IBRANCE (PALBOCICLIB) FALSIFIÉ: L’OMS lance une alerte mondiale sur un médicament anticancéreux
L’Organisation mondiale de la Santé (OMS) a lancé une alerte internationale concernant la circulation de produits falsifiés d’IBRANCE (Palbociclib), un médicament utilisé dans le traitement de certains cancers du sein à un stade avancé. Neuf lots falsifiés ont été identifiés dans plusieurs pays d’Afrique, de la Méditerranée orientale et d’Europe.
L’Organisation mondiale de la Santé (OMS) informe que ces produits contrefaits ont été détectés en Côte d’Ivoire, en Égypte, au Liban, en Libye et en Türkiye, et signalés à l’organisation en novembre 2025. Ils ont été vendus aussi bien sur des sites Internet que dans certaines pharmacies, exposant directement les patients à de graves risques sanitaires.

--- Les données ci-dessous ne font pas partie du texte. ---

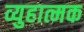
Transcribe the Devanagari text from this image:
व्युहात्मक
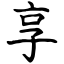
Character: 享
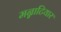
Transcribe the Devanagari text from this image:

L’IBRANCE authentique se présente sous forme de gélules à administration orale et est prescrit pour ralentir la progression de certains cancers du sein avancés. Or, selon le Directeur général de l’OMS, Dr Tedros Adhanom Ghebreyesus, les produits incriminés sont falsifiés car « leur identité, leur composition et leur source ont été délibérément présentées de manière trompeuse ».
Le fabricant du médicament original a confirmé que les échantillons analysés ne contiennent aucun principe actif pharmaceutique. Des incohérences majeures ont également été relevées sur le conditionnement et l’aspect du produit. « Certains produits falsifiés portent des numéros de lot authentiques, mais le conditionnement, les numéros de série ainsi que les inscriptions sur les gélules présentent des anomalies évidentes », explique le Dr Tedros.
Lots falsifiés et lots suspects identifiésL’OMS précise que tout IBRANCE portant les numéros de lot suivants doit être considéré comme falsifié : FS5173, GS4328, LV1850 et TS2190. D’autres numéros de lot sont jugés suspects et le produit est probablement falsifié s’il est associé à l’un des codes suivants : GK2981, GR6491, GT5817, HJ8710 et HJ8715.
Parmi les signes permettant d’identifier ces médicaments falsifiés, l’OMS cite notamment des fautes d’orthographe ou une impression de mauvaise qualité sur l’étiquette, un opercule de sécurité portant le logo Pfizer imprimé à l’encre noire, des gélules marquées « PBC 125 » à l’encre noire, sans inscription, ou présentant une couleur inhabituelle, comme un orange vif.
L’OMS alerte sur le caractère extrêmement dangereux de ces produits, qui peuvent entraîner : un échec thérapeutique, une progression incontrôlée du cancer, un risque accru de décès, en raison de l’absence totale d’effet médical.
« Il est essentiel de détecter rapidement l’IBRANCE falsifié et de le retirer de la circulation afin d’éviter des conséquences dramatiques pour les patients », insiste le Directeur général de l’OMS.L’OMS recommande un renforcement immédiat de la surveillance dans les chaînes d’approvisionnement pharmaceutiques, notamment dans les régions à risque. Une attention particulière est également demandée sur les marchés informels et les plateformes de vente en ligne.
Les professionnels de santé sont invités à signaler sans délai aux autorités nationales de réglementation ou aux centres de pharmacovigilance toute absence d’effet thérapeutique, toute réaction indésirable inattendue et tout problème de qualité suspect. Les autorités sanitaires et les services de répression sont, quant à eux, priés d’informer immédiatement l’OMS en cas de détection de ces produits falsifiés.